═════ Raw data

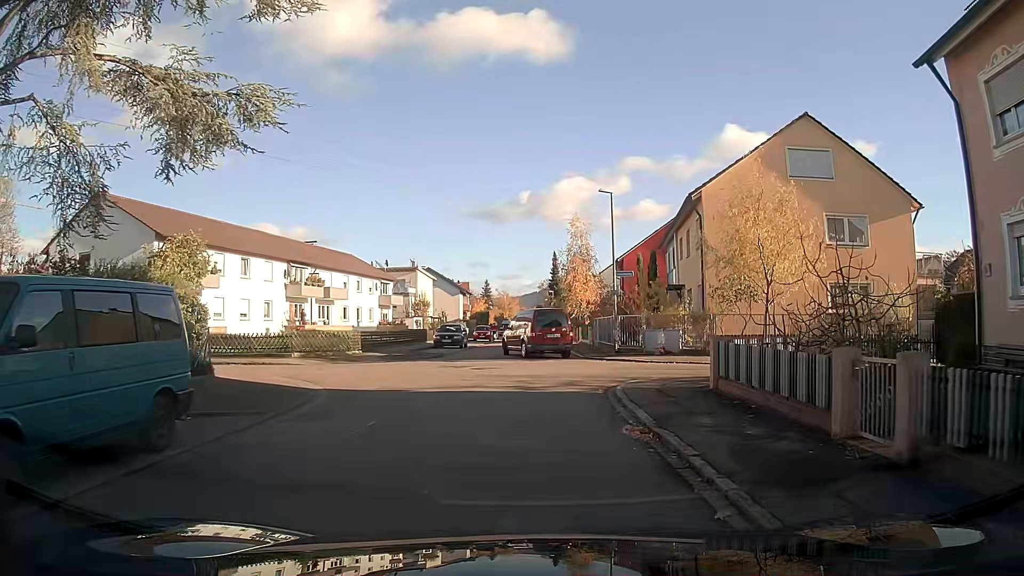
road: residential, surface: asphalt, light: Day
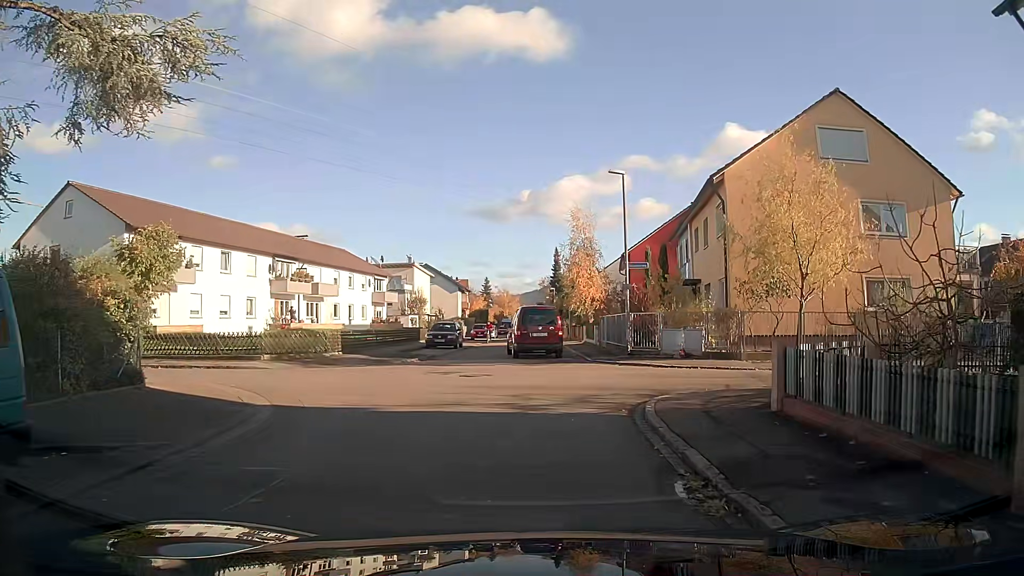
(0.0, +3.1) m; 0°
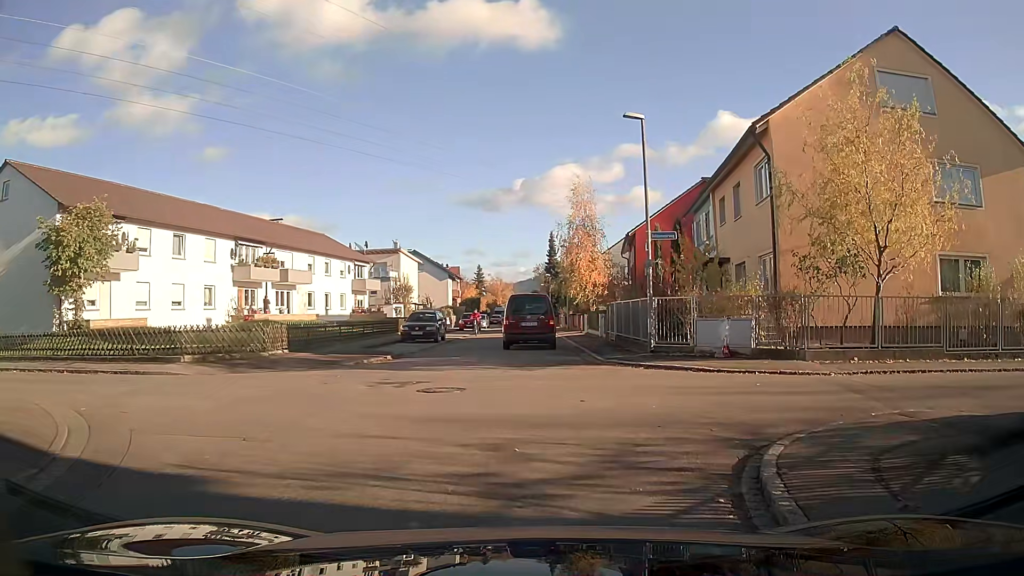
(0.0, +5.2) m; +1°
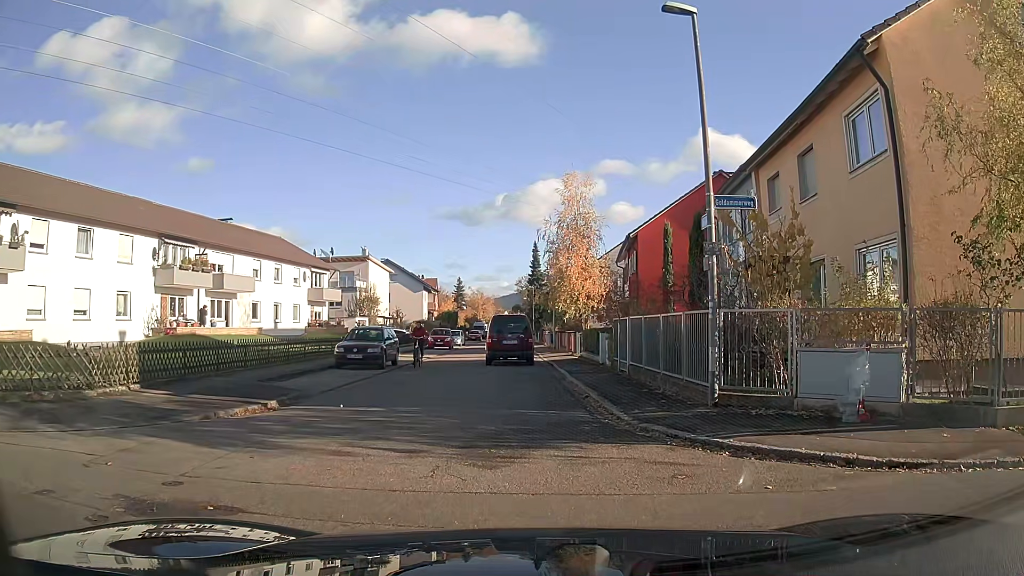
(0.0, +7.6) m; 0°
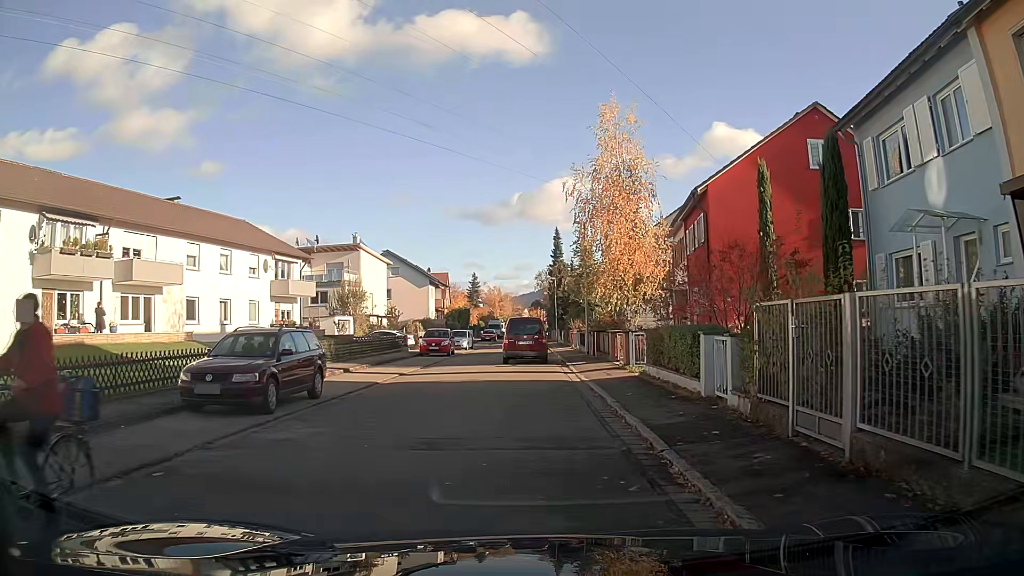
(-0.1, +12.0) m; -2°
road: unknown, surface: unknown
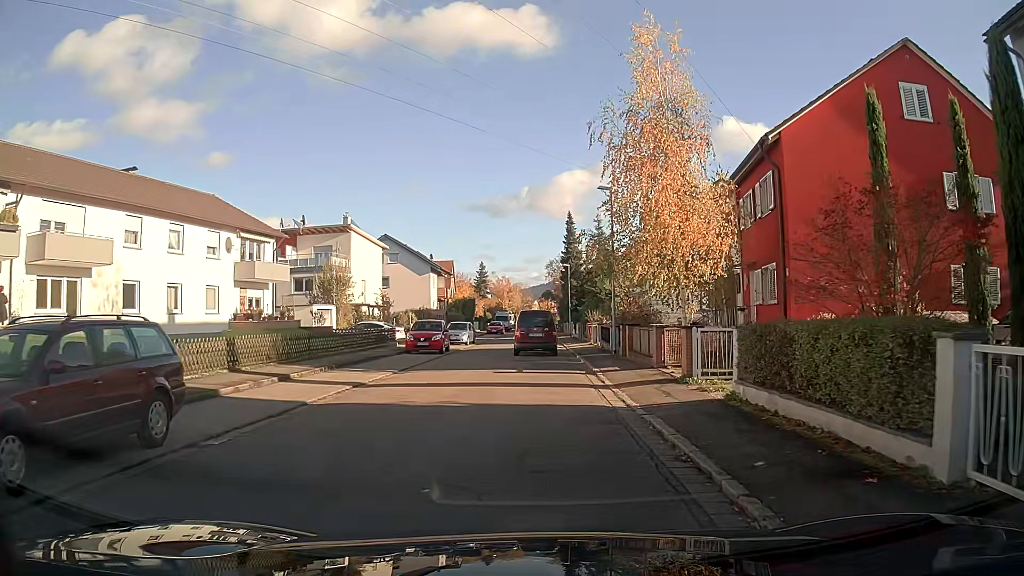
(0.0, +6.9) m; 0°
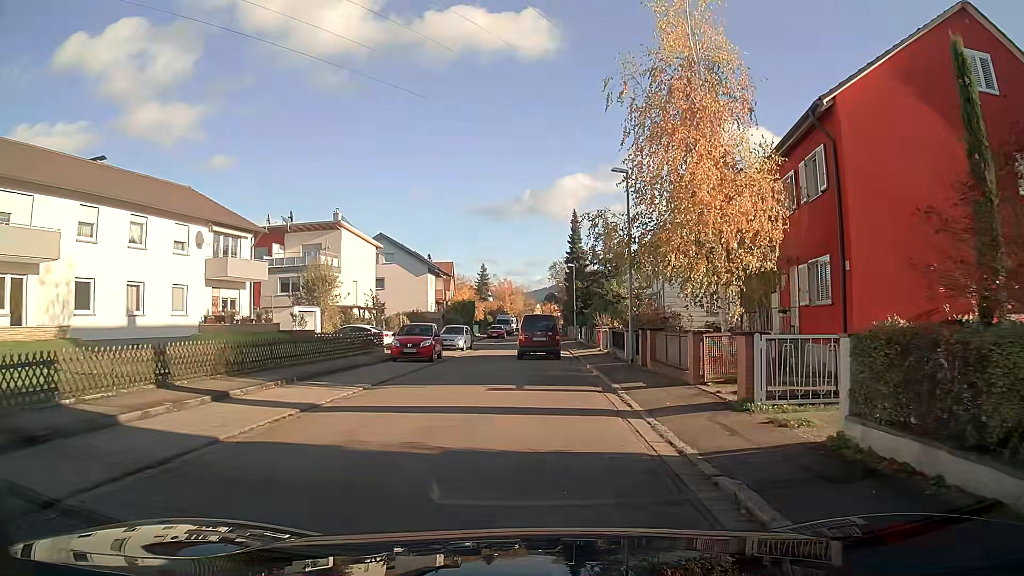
(0.0, +3.7) m; 0°
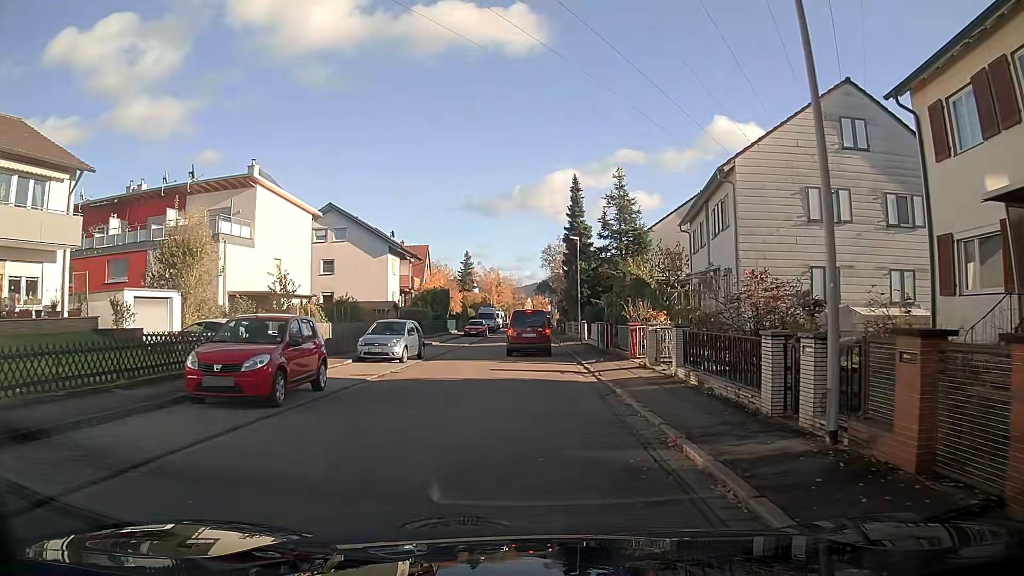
(+0.1, +15.5) m; +1°
(0, +10) (0, +20) (0, +30) (0, +40) (0, +50) (0, +60) (0, +70) (0, +80) (-1, +90) (0, +100) m

══════════

What the task requires
Where an image appears in the data, skip it, and return the rest verbatim.

Result below
road: residential, surface: asphalt, light: Day
(0.0, +3.1) m; 0°
(0.0, +5.2) m; +1°
(0.0, +7.6) m; 0°
(-0.1, +12.0) m; -2°
road: unknown, surface: unknown
(0.0, +6.9) m; 0°
(0.0, +3.7) m; 0°
(+0.1, +15.5) m; +1°
(0, +10) (0, +20) (0, +30) (0, +40) (0, +50) (0, +60) (0, +70) (0, +80) (-1, +90) (0, +100) m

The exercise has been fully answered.